The work reported here was carried out using an experimental vector-parasite combination, the model system P. berghei-An. stephensi, which allowed the investigation to be conducted under tightly controlled conditions. The average oocyst numbers resulting from the ookinete densities fed to the mosquitoes in this study are higher than the average number of Plasmodium falciparum oocysts found in Anopheles gambiae in the field, and therefore the density dependence found may not be as evident in studies of vector-parasite combinations found naturally. Additionally, it is recognized that the analysis of vector-parasite combinations not naturally found in the field may increase the chance of finding evidence of Plasmodium-induced vector mortality, as stated by Ferguson and Read [38]. As well as this perhaps resulting from a lack of parasite-vector co-adaptation, it may also be due to the greater likelihood of distinguishing parasite-induced effects from environmental risks under the more controlled conditions of the laboratory. In this study the removal of extraneous variables has permitted the unequivocal identification of density-dependent Plasmodium induced Anopheles mortality, and therefore, as in Sinden et al[47], the results have generated testable hypotheses, which now should be followed up with studies of other Plasmodium-Anopheles combinations, including the less tractable human malaria parasites and their multiple vector species, both in the laboratory and in the field.
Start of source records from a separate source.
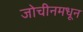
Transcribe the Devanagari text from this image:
जोचीनमधून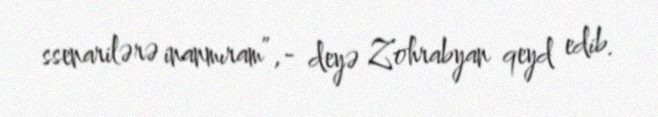
ssenarilərə inanmıram”,- deyə Zohrabyan qeyd edib.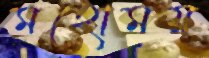
মহোময়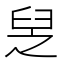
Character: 𦥧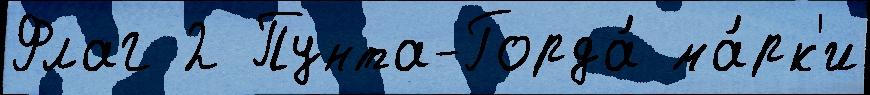
Флаг 2 Пунта-Горда́ ма́рк'и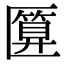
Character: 匴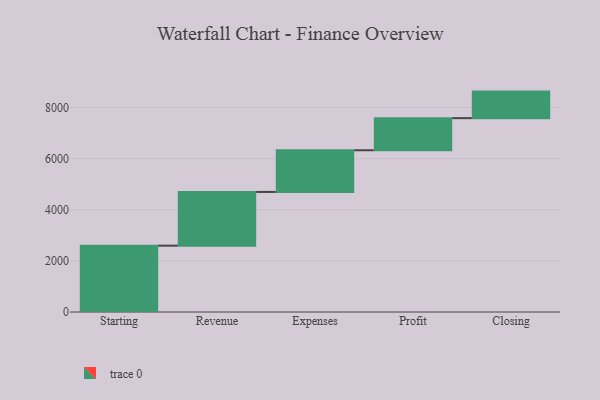
{"axis": {"x": "Step", "y": "Value"}, "legend": [""], "data": [{"x": "Starting", "y": 2596.0, "type": ""}, {"x": "Revenue", "y": 2102.0, "type": ""}, {"x": "Expenses", "y": 1631.0, "type": ""}, {"x": "Profit", "y": 1256.0, "type": ""}, {"x": "Closing", "y": 1039.0, "type": ""}]}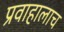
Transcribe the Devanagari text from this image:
प्रवाहालाच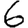
Digit: 6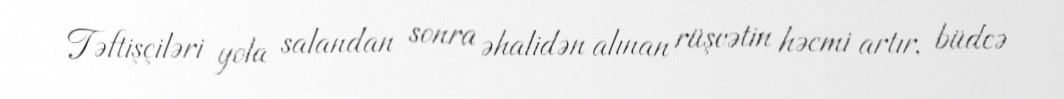
Təftişçiləri yola salandan sonra əhalidən alınan rüşvətin həcmi artır, büdcə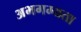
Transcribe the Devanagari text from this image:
अभगम्यता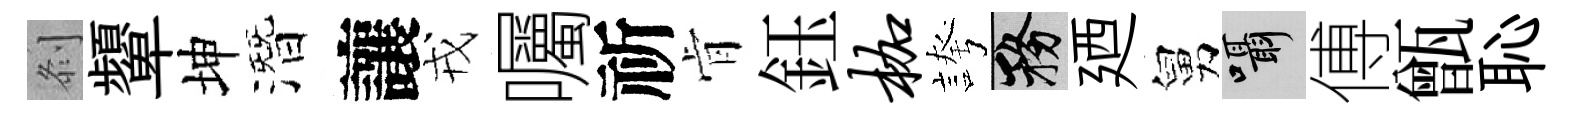
𠛴顰坤潛讓戎囑祈肻鈺枷誇務廼舅囁傅甑恥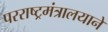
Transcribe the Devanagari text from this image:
परराष्ट्रमंत्रालयाने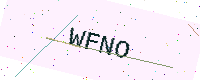
Text: WFNO
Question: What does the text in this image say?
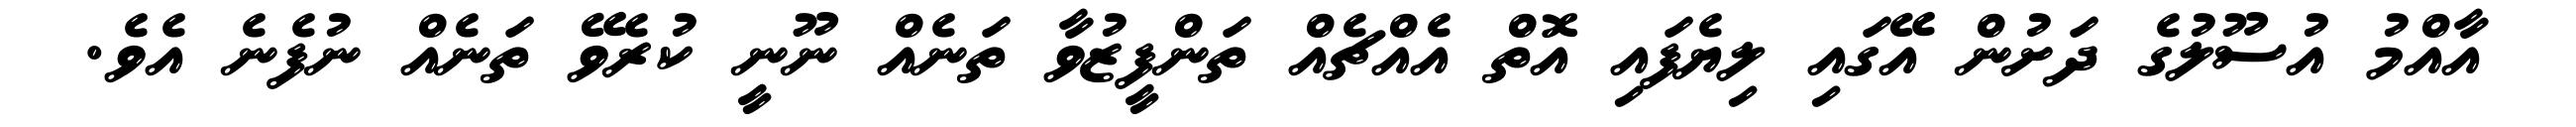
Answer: އާއްމު އުސޫލުގެ ދަށުން އޭގައި ލިޔެފައި އޮތް އެއްޗެއް ތަންފީޒުވާ ތަނެއް ނޫނީ ކުރެވޭ ތަނެއް ނުފެނެ އެވެ.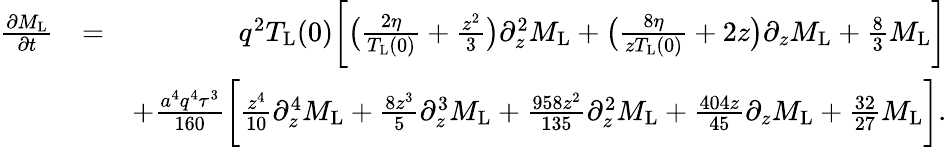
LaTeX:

Conclusions and implications for malaria transmission and control

These results indicate that, in the model system investigated, the life expectancy of Anopheles mosquitoes is dependent on both insect age and the density of Plasmodium infection, as depicted in Figure 5. This emphasizes the importance of testing these hypotheses in combinations of medical importance, and of understanding the impact of these factors on mosquito mortality, as they influence the probability of a mosquito surviving the extrinsic incubation period and contributing to malaria transmission. Linking these results to previous findings [47] (which illustrated density-dependent transitions between sporogony parasite stages), indicates that intermediate 'optimum' parasite densities may exist for the parasite to complete transmission, and it is likely that these optima will depend on the specific Plasmodium-Anopheles combination. Understanding such intricacies is of utmost importance, as it is possible that interventions could have unexpected outcomes; reducing high parasite load for example, could inadvertently increase the life expectancy of the vector and relax the density-dependent constraints operating upon sporogony within the vector, facilitating successful transmission of the pathogen. As a result it is important for studies of transmission-blocking strategies to report efficacy in terms of reductions in prevalence as well as parasite density to facilitate understanding of the impact of such interventions on malaria transmission.

As vector mortality is a particularly sensitive component of pathogen transmission, quantitative models seeking to describe transmission dynamics within the vector that do not include these processes could produce misleading results or miss epidemiologically important outcomes. The results presented here suggest that high parasite loads have the potential to reduce vector competence (summarized as the per capita probability of an ingested gametocyte to generate infectiousness) and vectorial capacity (which includes the daily probability of vector survival and the expectation of infective life or 'longevity factor'). Age- and parasite density-dependent mosquito mortality, as well as density-dependent Plasmodium development are in the process of being included into mathematical models that will provide a more comprehensive description of the processes that influence sporogony in the mosquito and the expectation of infective life. The usefulness of such models for the design, development, and evaluation of transmission-blocking strategies will be reported elsewhere.